Только много позже, когда Кахарман в пыльную бурю собьется с дороги, когда, измученный, будет метаться в кромешной тьме, он вспомнит это бюро, все, что происходило на этом заседании, – и с благодарностью подумает о Ержанове, ибо поймет, какой беды ему удалось избежать с помощью Галыма, который умел непостижимым образом нейтрализовать опасные порывы Алдиярова, хоть и не отличался особой принципиальностью. Только много позже – тогда, когда на руках у него будет усопшая мать.

– Поговори, поговори… – согласился Алдияров. – Ну а что твоя Москва, едешь?

– Жду вызова. Вот-вот должен быть…

– Завтра же получишь его, чует мое сердце. А партийное задание будет у меня к тебе такое: дослужиться до генерала! – Он улыбнулся. – Генерал КГБ – это не шуточки… Это – власть… – И вдруг обеспокоенно спросил: – Я так и не понял: меня Максимов поддерживал или нет?

Ержанов посмотрел в сухонькое лицо Алдиярова, на совершенно лысый его череп, заглянул в водянистые глаза, и его вдруг стало неудержимо мутить.

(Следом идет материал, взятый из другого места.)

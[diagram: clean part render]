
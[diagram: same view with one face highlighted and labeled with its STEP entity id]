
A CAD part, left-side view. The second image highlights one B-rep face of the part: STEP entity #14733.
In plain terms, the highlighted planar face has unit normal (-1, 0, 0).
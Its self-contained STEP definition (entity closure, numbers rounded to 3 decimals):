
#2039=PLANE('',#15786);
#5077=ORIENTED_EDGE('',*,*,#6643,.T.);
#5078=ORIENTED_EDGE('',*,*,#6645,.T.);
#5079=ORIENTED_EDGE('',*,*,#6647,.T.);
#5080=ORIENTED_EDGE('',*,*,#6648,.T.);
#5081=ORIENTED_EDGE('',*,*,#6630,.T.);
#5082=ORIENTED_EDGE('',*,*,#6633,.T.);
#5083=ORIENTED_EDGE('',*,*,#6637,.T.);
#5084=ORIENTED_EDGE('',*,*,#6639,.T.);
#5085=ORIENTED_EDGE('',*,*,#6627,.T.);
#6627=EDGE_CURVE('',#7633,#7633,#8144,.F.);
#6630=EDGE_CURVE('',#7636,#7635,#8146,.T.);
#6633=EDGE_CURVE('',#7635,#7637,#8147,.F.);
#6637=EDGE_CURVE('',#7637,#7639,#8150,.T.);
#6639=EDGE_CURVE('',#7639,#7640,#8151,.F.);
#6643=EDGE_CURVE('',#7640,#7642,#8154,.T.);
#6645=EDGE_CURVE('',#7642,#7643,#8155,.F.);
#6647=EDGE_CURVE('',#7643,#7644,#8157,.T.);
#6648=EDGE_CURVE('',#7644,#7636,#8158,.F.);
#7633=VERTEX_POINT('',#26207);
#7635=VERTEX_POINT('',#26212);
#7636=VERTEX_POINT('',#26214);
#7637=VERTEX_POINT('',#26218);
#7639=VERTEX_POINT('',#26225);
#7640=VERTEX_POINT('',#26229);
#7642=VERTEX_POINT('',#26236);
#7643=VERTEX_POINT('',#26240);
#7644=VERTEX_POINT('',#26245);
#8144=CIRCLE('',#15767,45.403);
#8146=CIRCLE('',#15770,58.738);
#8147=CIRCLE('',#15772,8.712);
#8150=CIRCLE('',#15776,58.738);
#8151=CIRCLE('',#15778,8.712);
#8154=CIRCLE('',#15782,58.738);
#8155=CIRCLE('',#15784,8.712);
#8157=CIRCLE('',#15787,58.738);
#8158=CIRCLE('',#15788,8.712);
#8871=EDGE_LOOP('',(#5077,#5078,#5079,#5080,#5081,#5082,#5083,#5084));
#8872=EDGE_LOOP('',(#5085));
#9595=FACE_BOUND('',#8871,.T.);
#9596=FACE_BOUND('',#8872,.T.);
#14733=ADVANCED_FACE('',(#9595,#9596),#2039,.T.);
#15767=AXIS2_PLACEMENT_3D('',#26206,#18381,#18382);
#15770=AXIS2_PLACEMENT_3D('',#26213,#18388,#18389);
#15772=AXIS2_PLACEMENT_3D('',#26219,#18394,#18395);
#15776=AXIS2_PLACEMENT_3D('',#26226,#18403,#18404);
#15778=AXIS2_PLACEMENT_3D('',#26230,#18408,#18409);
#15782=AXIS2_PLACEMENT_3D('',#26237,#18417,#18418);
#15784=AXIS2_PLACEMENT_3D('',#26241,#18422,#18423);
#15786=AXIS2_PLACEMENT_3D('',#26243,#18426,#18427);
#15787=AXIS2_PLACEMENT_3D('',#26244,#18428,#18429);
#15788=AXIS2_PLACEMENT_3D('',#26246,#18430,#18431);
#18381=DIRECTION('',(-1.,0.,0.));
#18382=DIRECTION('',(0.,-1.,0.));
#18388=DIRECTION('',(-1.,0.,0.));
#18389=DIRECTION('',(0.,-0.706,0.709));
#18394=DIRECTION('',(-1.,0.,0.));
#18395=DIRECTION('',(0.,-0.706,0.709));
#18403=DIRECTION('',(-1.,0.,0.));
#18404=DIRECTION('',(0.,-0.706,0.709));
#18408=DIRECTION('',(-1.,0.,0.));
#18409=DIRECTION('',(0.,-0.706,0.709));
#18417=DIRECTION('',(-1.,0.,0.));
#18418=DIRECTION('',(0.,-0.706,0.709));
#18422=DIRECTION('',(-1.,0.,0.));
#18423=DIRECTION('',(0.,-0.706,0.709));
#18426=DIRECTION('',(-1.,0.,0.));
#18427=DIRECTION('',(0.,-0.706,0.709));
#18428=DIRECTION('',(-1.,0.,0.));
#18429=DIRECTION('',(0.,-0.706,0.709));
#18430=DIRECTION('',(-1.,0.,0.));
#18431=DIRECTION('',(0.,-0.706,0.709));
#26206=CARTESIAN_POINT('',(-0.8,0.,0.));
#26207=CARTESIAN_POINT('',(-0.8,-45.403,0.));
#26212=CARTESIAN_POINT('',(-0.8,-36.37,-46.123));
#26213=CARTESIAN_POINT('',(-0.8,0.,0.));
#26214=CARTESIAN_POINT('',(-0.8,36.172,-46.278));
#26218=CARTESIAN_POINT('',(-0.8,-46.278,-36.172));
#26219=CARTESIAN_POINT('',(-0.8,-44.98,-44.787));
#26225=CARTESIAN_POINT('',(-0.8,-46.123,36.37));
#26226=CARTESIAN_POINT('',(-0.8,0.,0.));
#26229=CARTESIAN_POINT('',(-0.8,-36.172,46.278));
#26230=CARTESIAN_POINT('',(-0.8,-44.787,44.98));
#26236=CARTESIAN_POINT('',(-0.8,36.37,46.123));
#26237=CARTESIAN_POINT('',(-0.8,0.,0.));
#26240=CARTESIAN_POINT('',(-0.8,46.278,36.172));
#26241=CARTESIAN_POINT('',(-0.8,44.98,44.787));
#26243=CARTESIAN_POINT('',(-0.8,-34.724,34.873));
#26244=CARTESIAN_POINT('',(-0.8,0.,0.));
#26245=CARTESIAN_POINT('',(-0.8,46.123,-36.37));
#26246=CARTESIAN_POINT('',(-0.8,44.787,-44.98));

– Поддержал… В принципе… – с трудом выдавил он из себя и, прикрыв ладонью рот, быстро вышел вон. Туалет был налево по коридору. Он почти что побежал, рванул дверь и склонился над унитазом. Рвало его крепко – казалось, что еще секунда, и наружу полезут все его внутренности: кишки, желудок, сердце… Потом он подошел к зеркалу. На него глядел бледный, изможденный человек с красными, слезливыми глазами. Отошел и стал умываться. В лицо ему сильно ударил запах хлорки – его снова стало тошнить, но рвать было уже нечем.